05/02/2020 às 16h07min - Atualizada em 05/02/2020 às 16h07min

Pedaaaaala, Robinho!

Léo Coutinho

O bom de ser santista é não precisar acompanhar a transmissão das partidas. Em nossa torcida, tão seleta e elegante, raros são os tipos que gritam na janela a cada gol, e inexistem aqueles que xingam os adversários ou a arbitragem. Logo, se a cidade está em silêncio, a alva e gloriosa camisa praiana está cumprindo seu destino de brilhar, jogue onde jogar. Findo o tempo regulamentar, basta conferir os melhores momentos.
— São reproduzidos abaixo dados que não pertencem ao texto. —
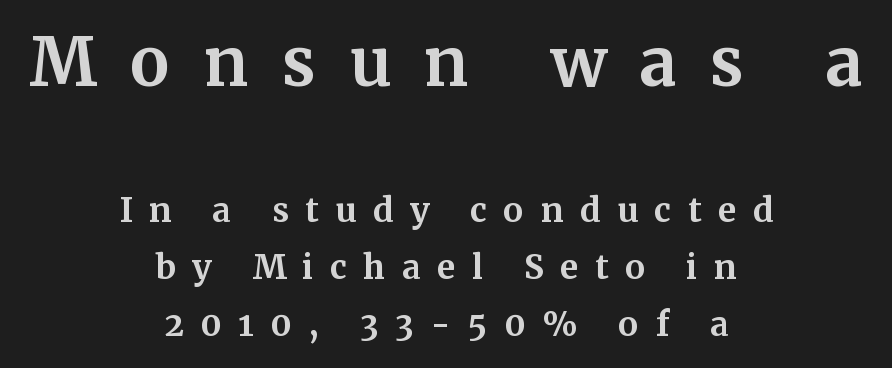
{"serif": "yes", "italic": "no", "bold": "yes", "weight": "bold", "width": "normal", "stroke_contrast": "medium", "x_height": "medium", "monospaced": "no", "underline": "no", "align": "center", "line_spacing_ratio": 1.74, "letter_spacing": "wide", "letter_spacing_em": 0.5, "larger_block": "first", "size_ratio": 2.0, "glyph_px": 66}
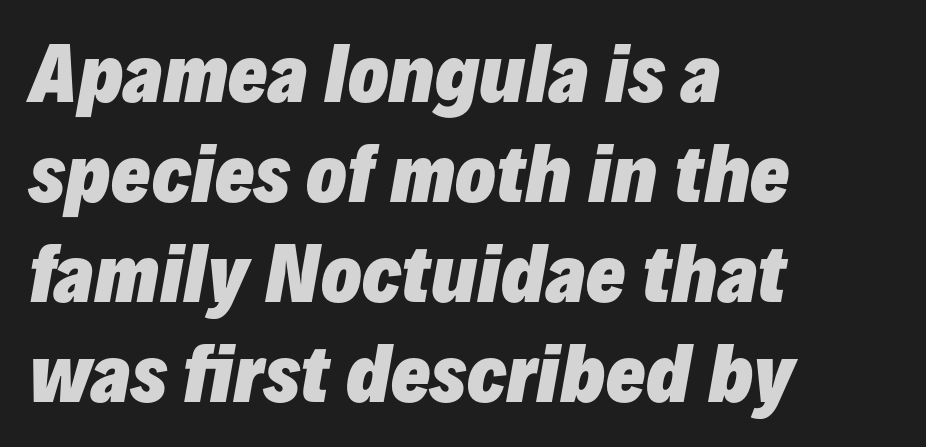
This is heavy type, rendered in bold. Do the characters align in a grid? No, the font is proportional. Is there much room between lines? A standard amount, neither cramped nor airy. One-word summary of the alignment: left. The zone under the glyphs is completely vacant. The whole block is typeset with a tilt.

É sempre bonito ver o alvinegro praiano em campo, mas de quando em vez surge uma turma que alcança o sublime. Desnecessário citar Pelé, que talvez tenha influenciado a geração atual de torcedores a preferir os melhores momentos. Mas falo da dupla Diego e Robinho, um colosso que surgiu não faz muito tempo.

Robinho especialmente era um bailarino sobrenatural. Seus dribles desafiavam a realidade. Estavam além do fenômeno, que é aquilo que se constata e pode-se explicar. Não demorou, surgiu a necessidade de uma definição nova para o que ele fazia. Não era mais drible. Robinho pedalava.

Pedaaaala, Robinho!

Pois então. Na segunda-feira soubemos que em 2019 o governo federal estourou o famigerado teto de gasto em R$ 55 bi. O mercado e a imprensa estão chamando de drible fiscal. Sabemos o que pode acontecer com um governo se, qual aconteceu com Robinho, passarem a chamar de pedalada fiscal.

Dava para encerrar por aqui. Mas vale uma nota sobre o olhar dos nossos governantes sobre as prioridades de destino dos dinheiros do Tesouro.

Quando sob Temer inventaram o teto de gasto, meteram uma exceção para capitalizar estatais que eventualmente precisassem de socorro, como Petrobrás, Eletrobrás, Caixa Econômica. Note: o investimento social, educação, saúde etc., estava submetido ao teto. Capitalização de empresas, não. Podiam chamar de emenda vitamina B3.

Daí que botamos R$ 7,6 bi (quase oito bilhões de reais) extraordinários para construir corvetas para a Marinha, ao mesmo tempo que é necessário discutir e aprovar no Congresso R$ 10 mi (dez milhões de reais) para resgatar e proteger em quarentena os brasileiros que estão na China com suspeita de coronavírus.

Noves fora o presidente da República ter cogitado driblar o resgate abandonando na China nossos patrícios, mas estar confortável em estourar o teto fazendo corvetas, quando tamanha inversão de valores se naturaliza alguma coisa está muito fora da ordem.